In [6]: a.strides Out[6]: (32, 8)
this means is is 32 bytes from the start of one row to the next, and 8 bytes from the start of one element to the next -- which makes sense for a 64bit double.
In [7]: b = a[:,1]
In [10]: b Out[10]: array([ 1., 1., 1.])
so b is a 1-d array with three elements.
In [8]: b.flags Out[8]: C_CONTIGUOUS : False F_CONTIGUOUS : False OWNDATA : False WRITEABLE : True ALIGNED : True UPDATEIFCOPY : False
but it is NOT C_Contiguous - the data is laid out differently that a standard C array.

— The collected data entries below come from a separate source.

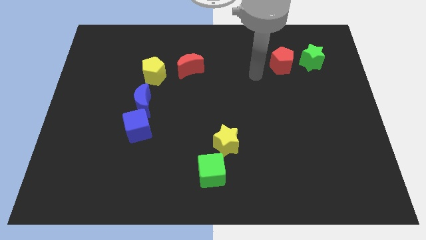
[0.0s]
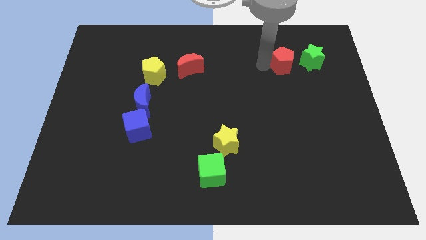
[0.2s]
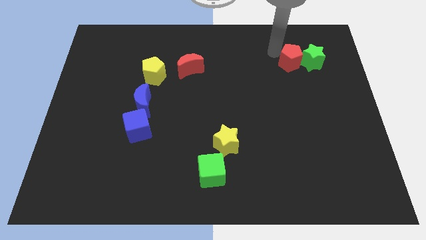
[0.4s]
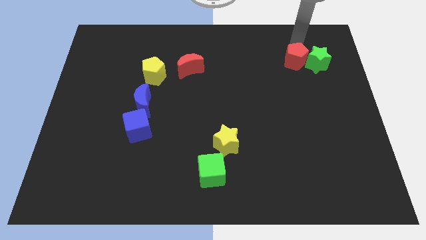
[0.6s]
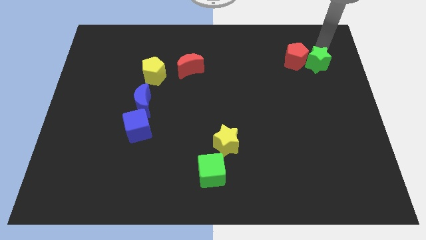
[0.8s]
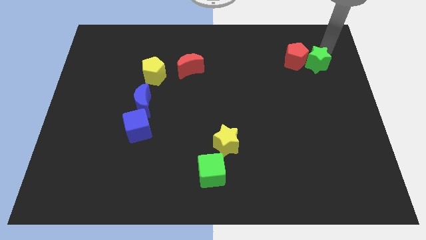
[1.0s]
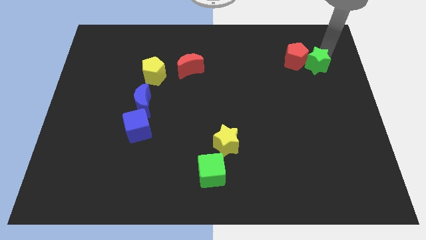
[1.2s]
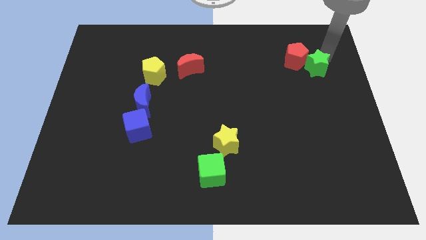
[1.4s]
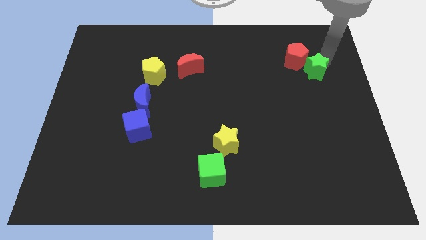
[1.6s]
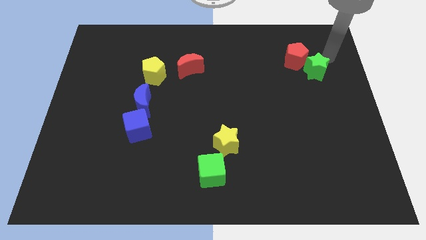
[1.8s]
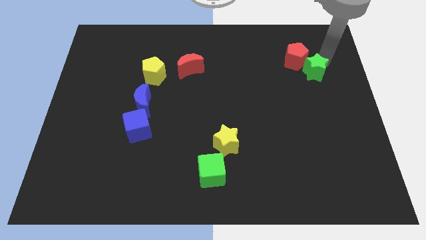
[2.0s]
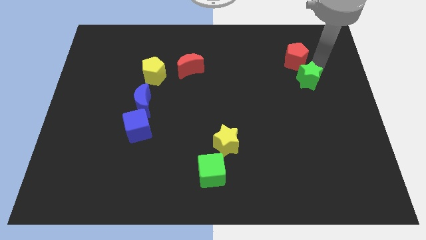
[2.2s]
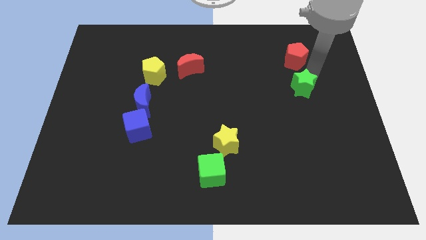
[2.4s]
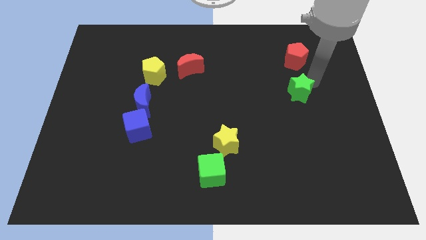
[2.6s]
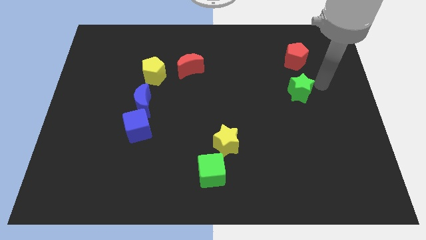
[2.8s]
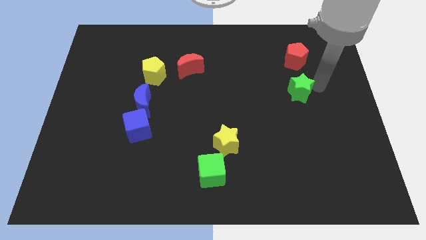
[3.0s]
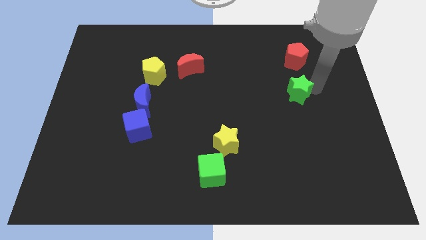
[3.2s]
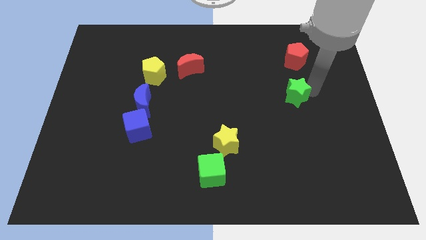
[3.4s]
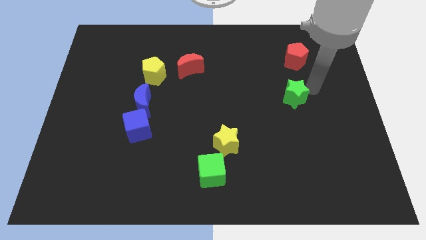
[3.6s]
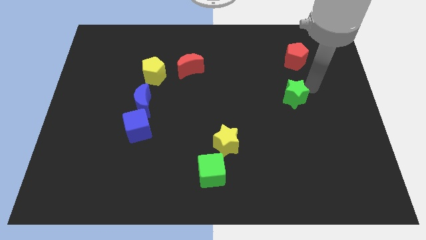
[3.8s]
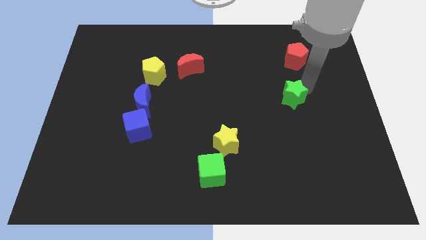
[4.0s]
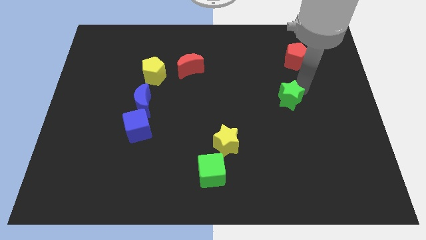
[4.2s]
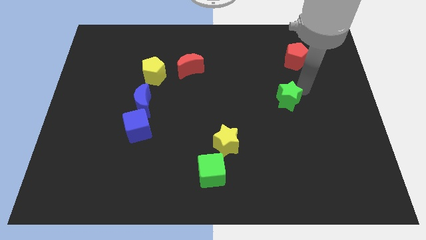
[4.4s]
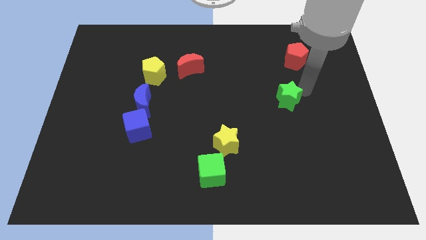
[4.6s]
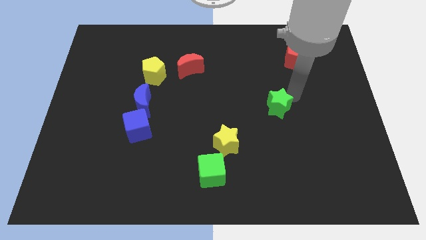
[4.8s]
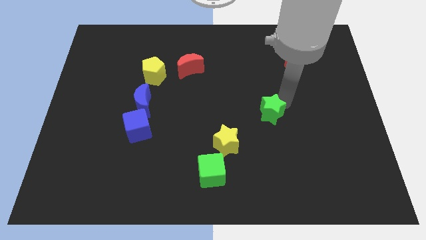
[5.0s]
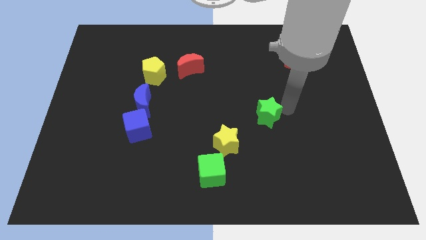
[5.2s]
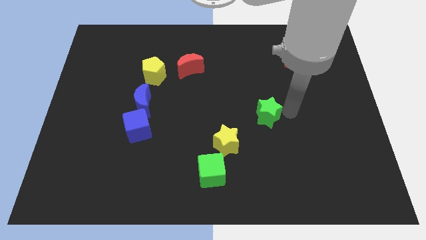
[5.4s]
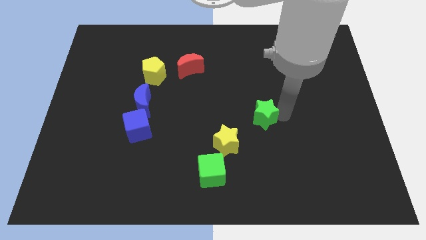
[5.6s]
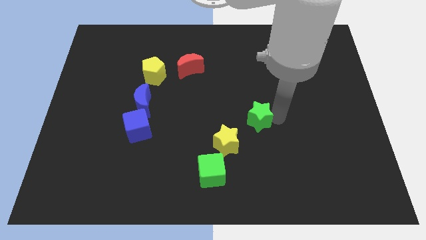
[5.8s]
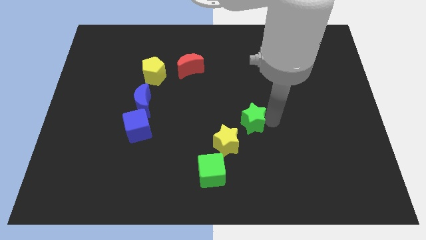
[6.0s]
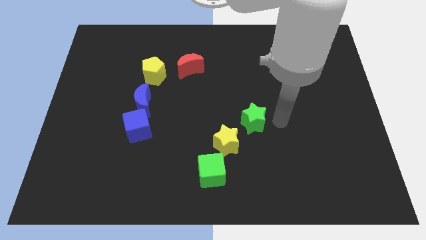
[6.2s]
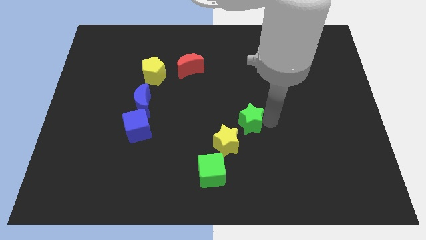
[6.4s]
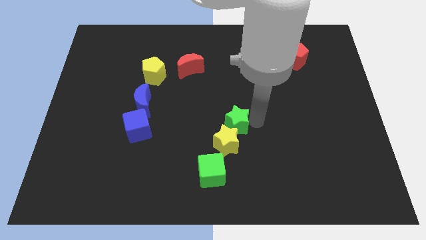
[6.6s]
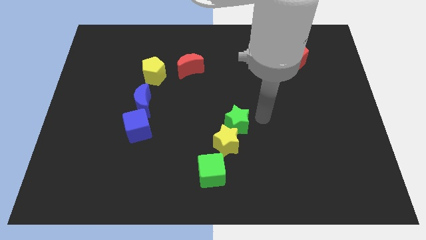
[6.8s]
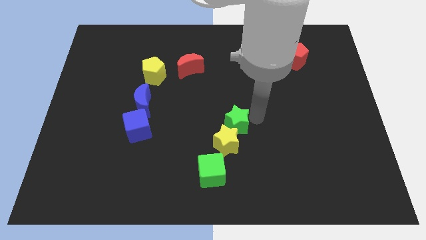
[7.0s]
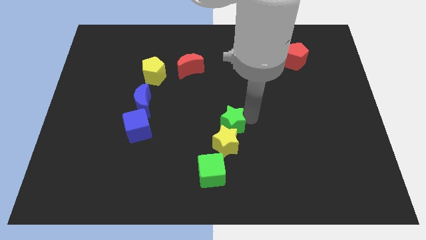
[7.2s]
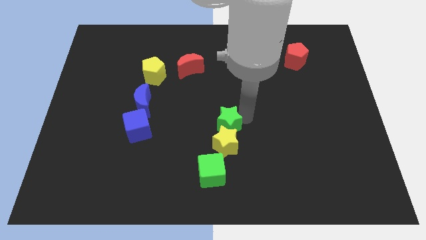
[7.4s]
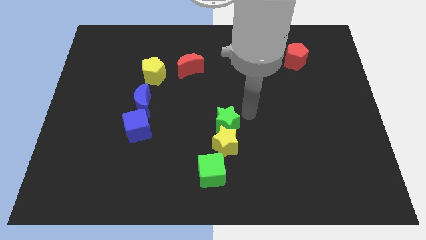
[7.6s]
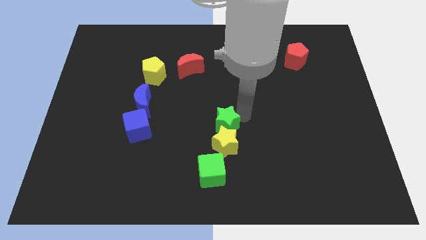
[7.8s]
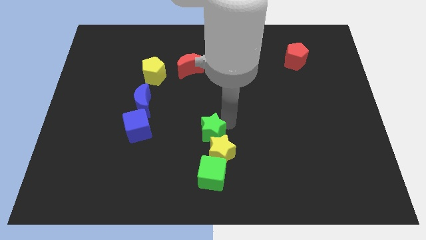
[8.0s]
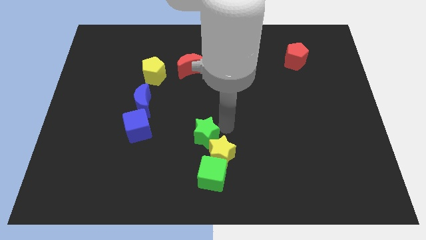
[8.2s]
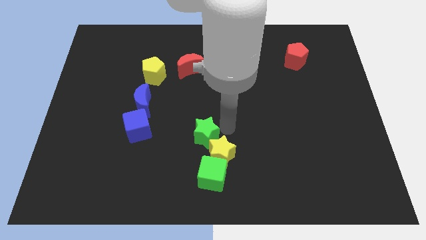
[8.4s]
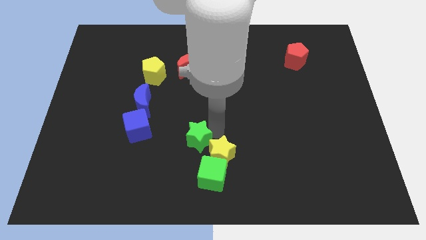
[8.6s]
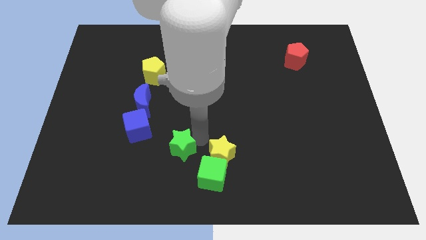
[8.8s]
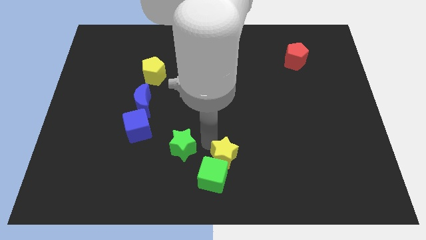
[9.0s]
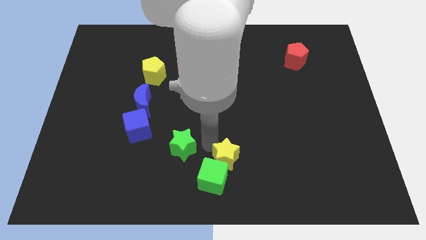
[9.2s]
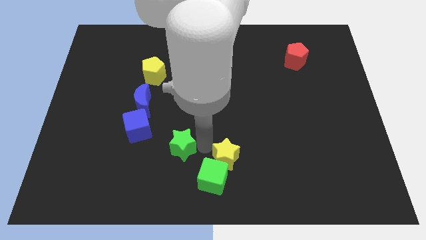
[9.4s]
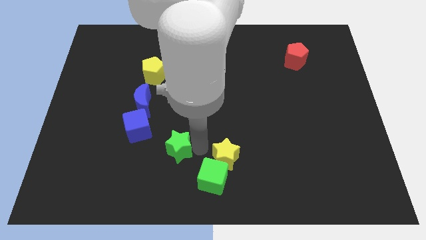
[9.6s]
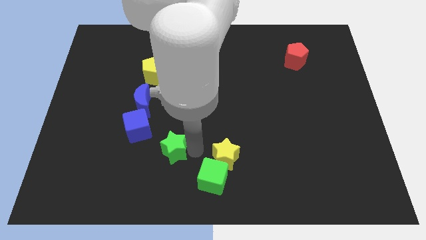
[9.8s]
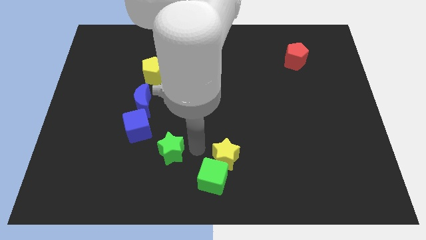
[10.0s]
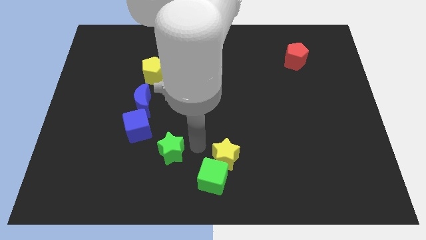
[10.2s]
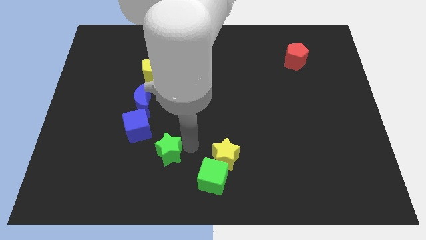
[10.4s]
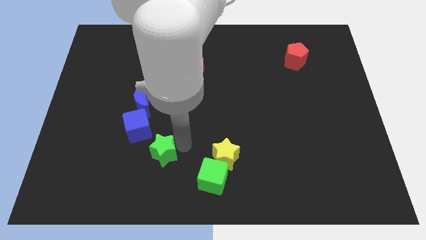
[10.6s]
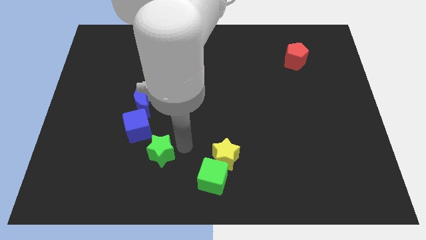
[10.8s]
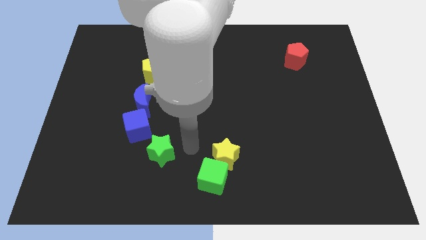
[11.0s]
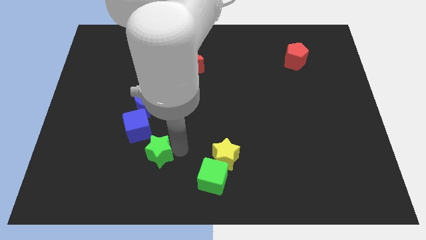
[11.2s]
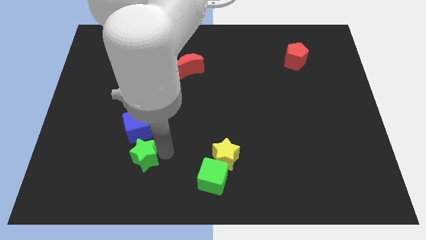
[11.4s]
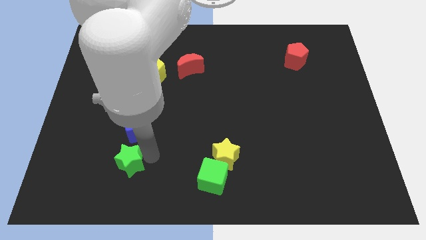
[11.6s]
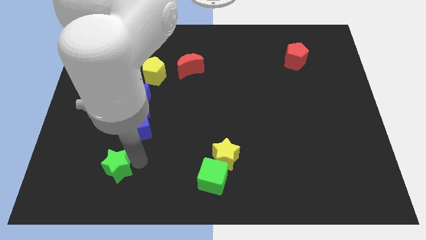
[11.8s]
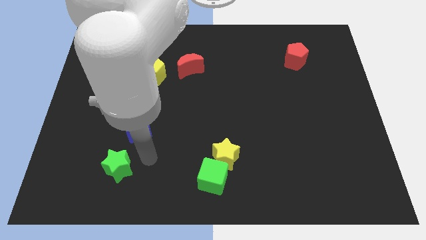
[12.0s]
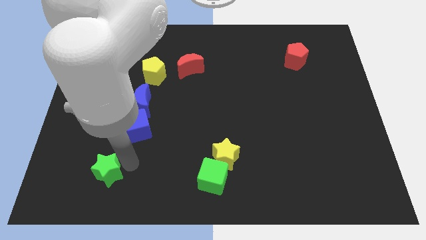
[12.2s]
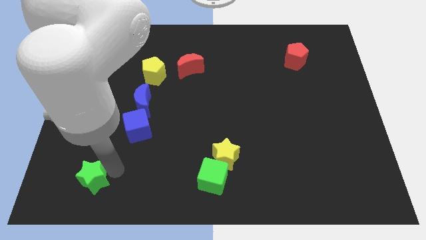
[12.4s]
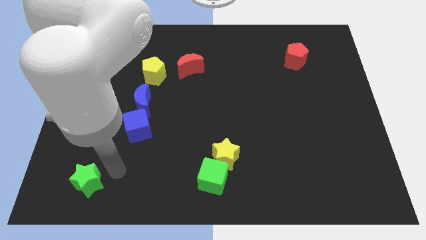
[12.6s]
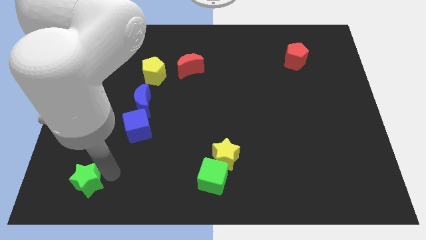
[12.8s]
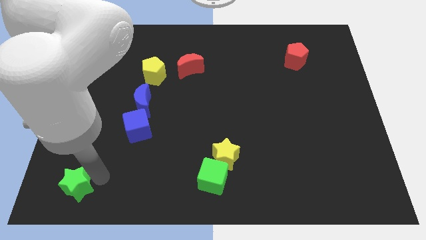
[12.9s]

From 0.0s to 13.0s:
put the green star to the lower left corner

In [9]: b.strides Out[9]: (32,)
so this means that it is 32 bytes from one element to the next -- for a 8 byte data type. This is because the elements are each one element in a row of the a array -- they are not all next to each other. A regular C library generally won't be able to work with data laid out like this.

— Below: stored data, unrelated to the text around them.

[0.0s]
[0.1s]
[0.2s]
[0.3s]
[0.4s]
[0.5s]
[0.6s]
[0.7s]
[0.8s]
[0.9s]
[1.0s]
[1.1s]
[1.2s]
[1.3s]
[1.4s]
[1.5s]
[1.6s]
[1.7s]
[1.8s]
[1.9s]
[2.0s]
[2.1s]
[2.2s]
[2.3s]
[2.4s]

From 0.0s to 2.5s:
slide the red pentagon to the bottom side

Den 26.03.2011 19:31, skrev Christopher Barker:
To understand all this, you'll need to study up a bit on how numpy arrays lay out and access the memory that they use: they use a concept of "strided" memory. It's very powerful and flexible, but most other numeric libs can't use those same data structures.
With the ISO C bindings in Fortran 2003, we can get a Fortran pointer from a C pointer. This means it is actually possible to pass "strided memory" from NumPy to Fortran libraries in a portable way. A Fortran pointer is more similar to a NumPy view array than a C pointer. If I am not mistaken, fwrap can generate the boiler-plate Cython and Fortran code. Sturla
On 03/27/2011 08:54 PM, Sturla Molden wrote:
Den 26.03.2011 19:31, skrev Christopher Barker:
To understand all this, you'll need to study up a bit on how numpy arrays lay out and access the memory that they use: they use a concept of "strided" memory. It's very powerful and flexible, but most other numeric libs can't use those same data structures. With the ISO C bindings in Fortran 2003, we can get a Fortran pointer from a C pointer. This means it is actually possible to pass "strided memory" from NumPy to Fortran libraries in a portable way. A Fortran pointer is more similar to a NumPy view array than a C pointer. If I am not mistaken, fwrap can generate the boiler-plate Cython and Fortran code.
fwrap currently ensures that array are Fortran-contiguous. Supporting strided arrays has been in the back of our minds but not much thought has been given it really... What would we do exactly -- pass the entire underlying buffer to Fortran and then re-slice it Fortran side? That's more complicated than doing a copy Python-side, so unless the Fortran compiler actually supports keeping the array strided throughout the code it's not worth it. I'm not aware of the rules here -- basically, if you keep an array assumed-shape, it can be passed around in non-contiguous form in Fortran? And it will be copied whenever it is passed as an explicit-shape array? Dag Sverre
Den 28.03.2011 09:34, skrev Dag Sverre Seljebotn:
What would we do exactly -- pass the entire underlying buffer to Fortran and then re-slice it Fortran side?
Pass a C pointer to the first element along with shape and strides, get a Fortran pointer using c_f_pointer, then reslice the Fortran pointer to a second Fortran pointer. Remember to argsort strides and dimentions on strides in ascending order.
That's more complicated than doing a copy Python-side, so unless the Fortran compiler actually supports keeping the array strided throughout the code it's not worth it. I'm not aware of the rules here -- basically, if you keep an array assumed-shape, it can be passed around in non-contiguous form in Fortran?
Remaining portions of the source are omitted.